Si Yan tapota la tête de Bei Ji, en souriant. « Ne t'inquiète pas, Mère a sa façon de chasser. »
Sur ces mots, Si Yan quitta la grotte.
Après le départ de Si Yan, Xi Qing resta dans la grotte, fumant. « Je le savais ! La méchante femelle ne nous veut plus ! »
Nan Mo, qui s'était caché dans un coin, s'allongea tranquillement sur le lit après le départ de Si Yan et ne fit aucun bruit.
Bei Ji se sentait aussi très mal à l'aise.
Il n'était pas surprenant que ces petits ne fassent pas confiance à Si Yan ; ils manquaient cruellement de sécurité.

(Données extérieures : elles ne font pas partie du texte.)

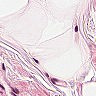
Metastatic tissue present: no
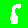
Digit: 5
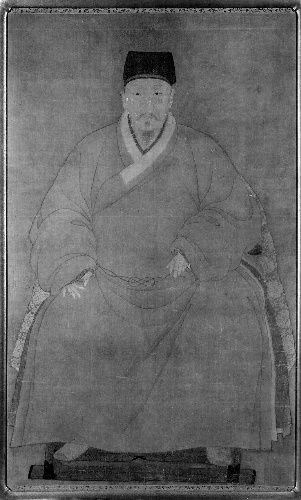
Title: 明   佚名  人物肖像 圖  鏡面|Portrait of a Gentleman
Artist: Unidentified artist
Date: late 16th–early 17th century
Object type: Framed painting
Classification: Paintings
Medium: Framed painting; ink and color on silk
Culture: China
Period: Ming dynasty (1368–1644)
Dimensions: 61 7/8 x 36 7/8 in. (157.2 x 93.7 cm)
Department: Asian Art
Credit line: Gift of Jackson E. Reynolds, 1951
Accession year: 1951
Repository: Metropolitan Museum of Art, New York, NY
Tags: Men|Portraits

Bei Ji dit : « Frères, si vous voulez que Mère reste, il faut être plus gentils avec elle. »
Xi Qing rétorqua : « Non ! »
Il serra les dents, ses cheveux voletant pour masquer la moitié de son visage, l'air à la fois furieux et blessé. « Elle m'a fait des choses horribles... »
Bei Ji vit le visage à demi caché de Xi Qing et, ne sachant comment le consoler, finit par choisir le silence.
Si Yan ne savait pas comment les autres Hommes-Bête chassaient, mais elle avait ses propres méthodes.
Elle prit une pelle en bois et alla à la montagne arrière pour creuser un piège dans la forêt dense.
Les animaux du Monde des Bêtes étaient bien plus gros que ceux du monde post-apocalyptique, donc elle creusa un piège assez grand.
Après avoir creusé la fosse et l'avoir camouflée avec des branches et de l'herbe sauvage, Si Yan fit un tour dans la forêt.
Son sens de l'orientation n'étant pas terrible, elle n'osa pas s'éloigner trop. Après quelques recherches, elle trouva de la ciboulette sauvage et l'arracha toute.
Elle chercha à nouveau et trouva un arbre portant des fruits violets. Elle en cueillit un et le lécha ; sa langue devint instantanément engourdie.
Les yeux de Si Yan s'illuminèrent.
Fruit Paralysant ! C'est du Fruit Paralysant ! À l'avenir, ça pourra servir d'anesthésiant pour les soins. Je pourrai aussi en faire de la poudre anesthésiante.
Elle trouva vite une grande feuille, cueillit les Fruits Paralysants et les enveloppa dedans. Les fruits n'étaient pas gros, et elle les rangea tous dans son espace personnel.
Quand je rentrerai, je creuserai une pierre pour faire un mortier et un pilon, puis je transformerai les Fruits Paralysants en anesthésiant. Si une situation comme celle de Dongchi se reproduit, je pourrai m'en servir pour soulager la douleur.